GOAL OF THE EXERCISE
Return only the lines running from the one that contains "Name this insect's species." through the end of the entries, exactly, both ends included. Omit pictures.

Start of DATA RECORDS

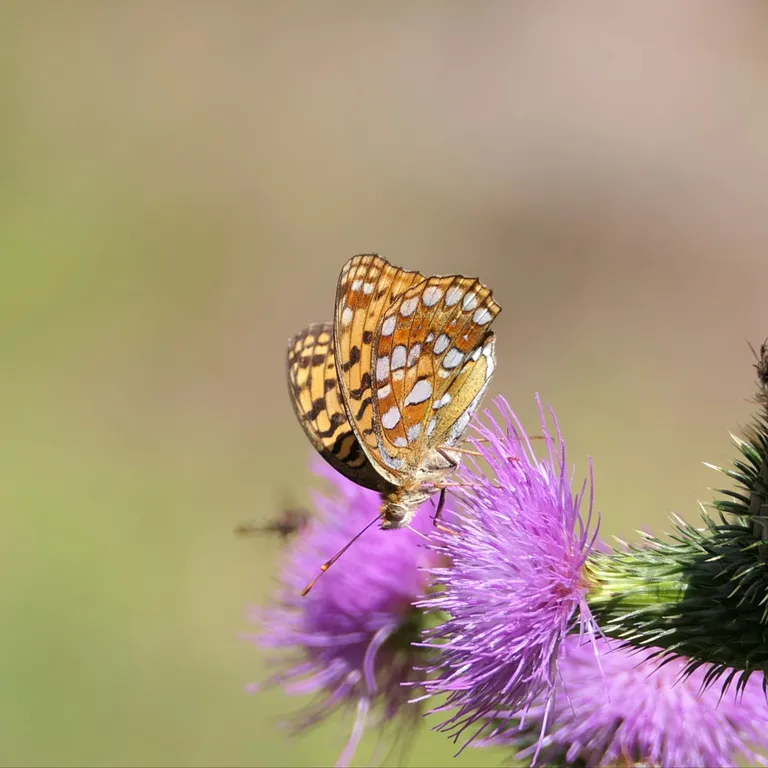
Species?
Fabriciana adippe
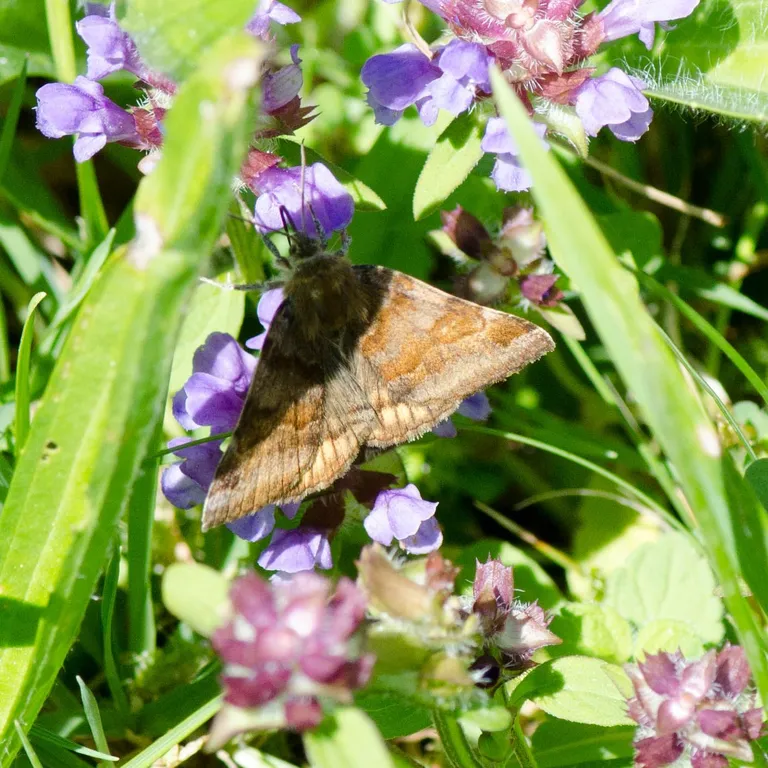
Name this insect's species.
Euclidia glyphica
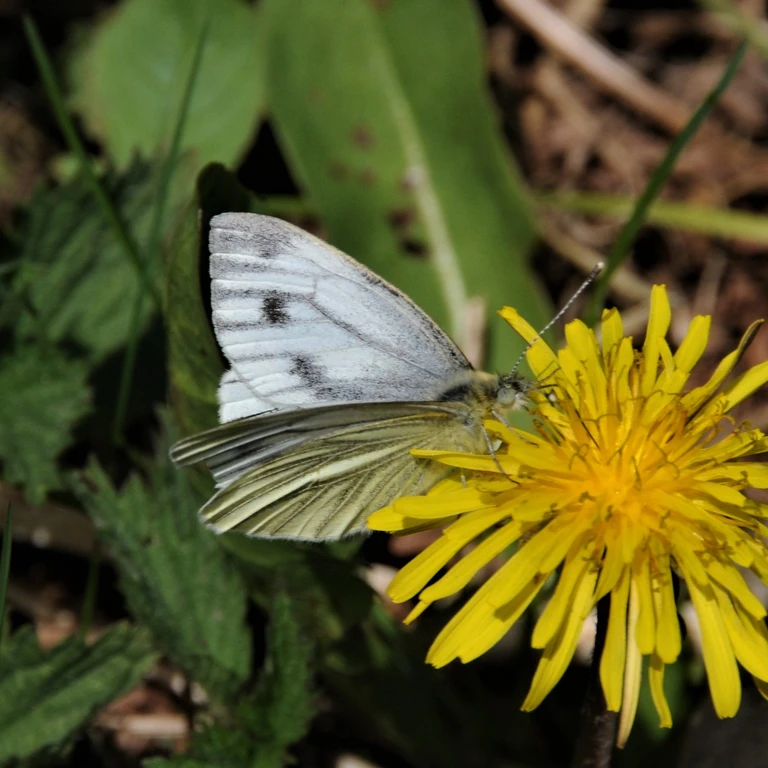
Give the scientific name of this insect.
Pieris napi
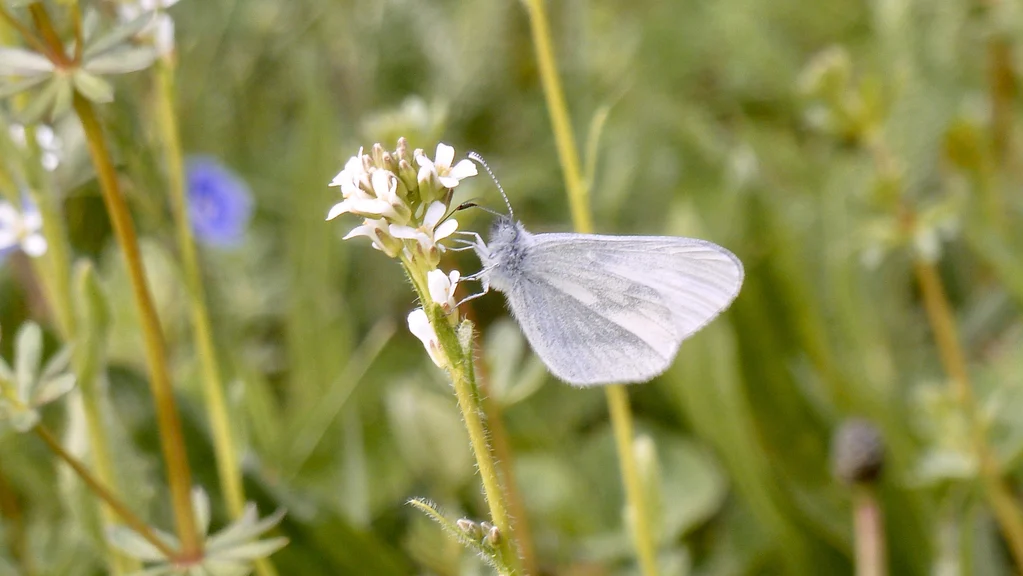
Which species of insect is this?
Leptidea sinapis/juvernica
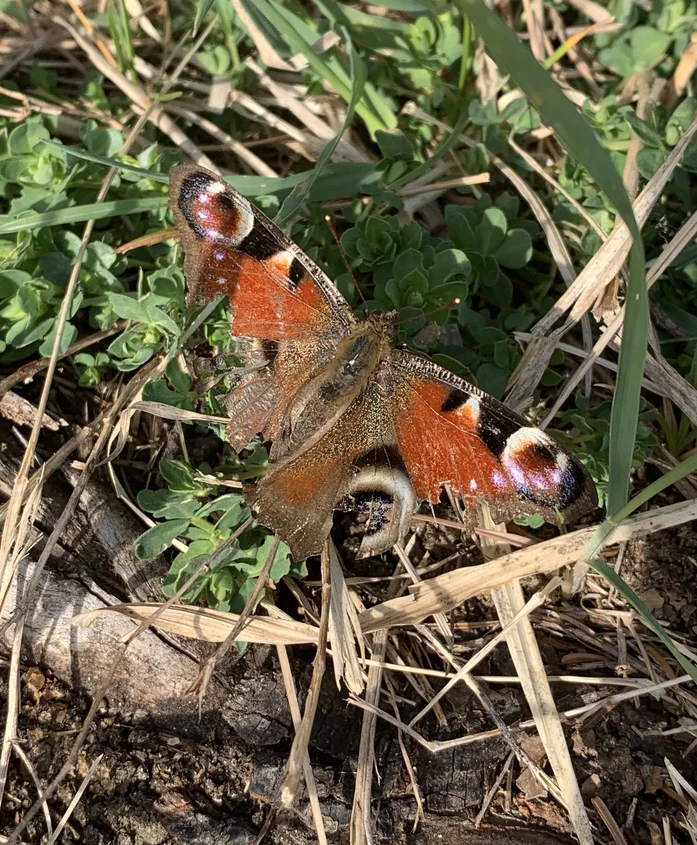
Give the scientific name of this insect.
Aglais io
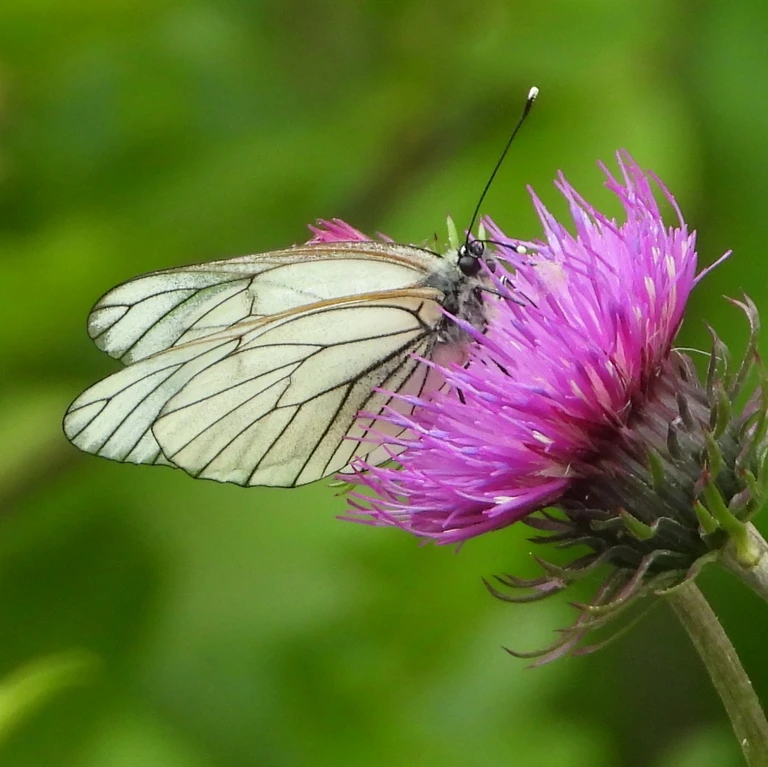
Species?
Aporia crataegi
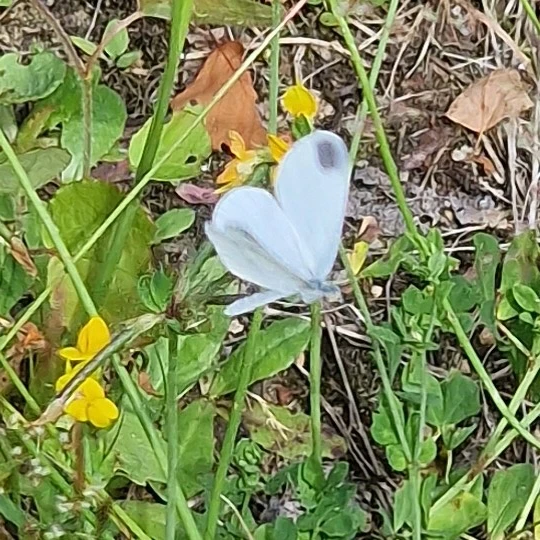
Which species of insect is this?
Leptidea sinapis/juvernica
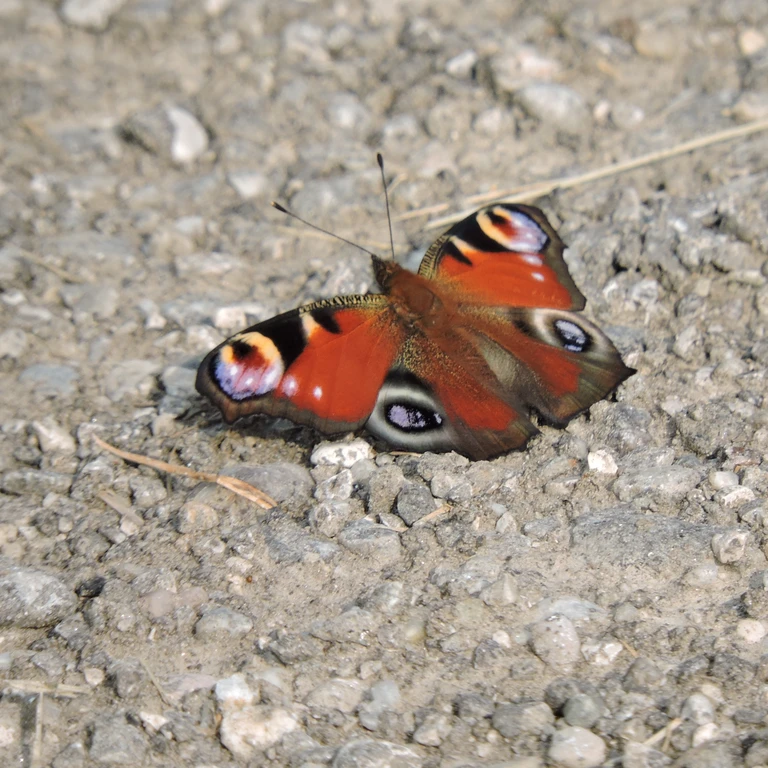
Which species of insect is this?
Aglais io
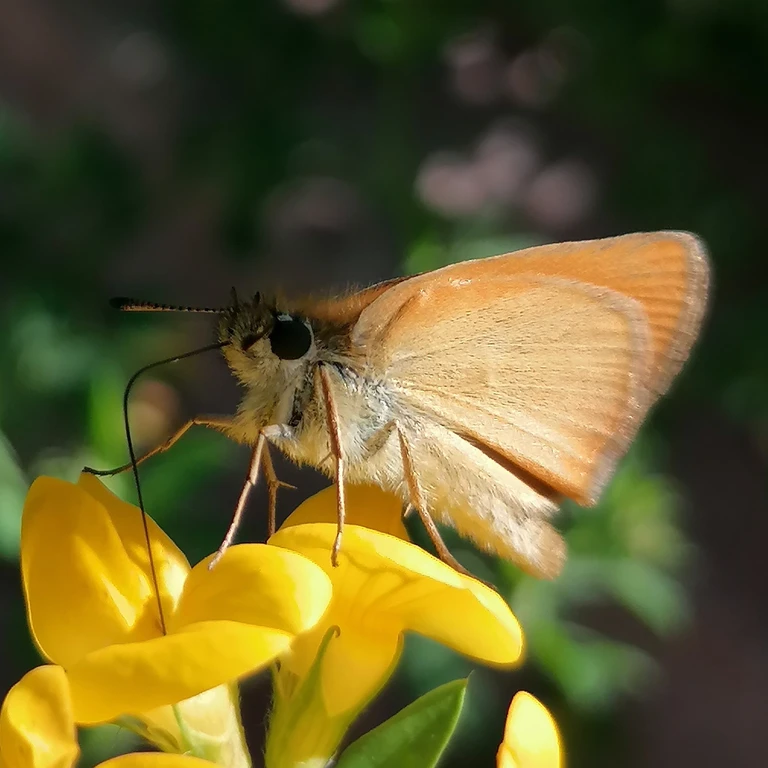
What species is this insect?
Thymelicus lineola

End of DATA RECORDS

YOUR SOLUTION
Name this insect's species.
Euclidia glyphica
Give the scientific name of this insect.
Pieris napi
Which species of insect is this?
Leptidea sinapis/juvernica
Give the scientific name of this insect.
Aglais io
Species?
Aporia crataegi
Which species of insect is this?
Leptidea sinapis/juvernica
Which species of insect is this?
Aglais io
What species is this insect?
Thymelicus lineola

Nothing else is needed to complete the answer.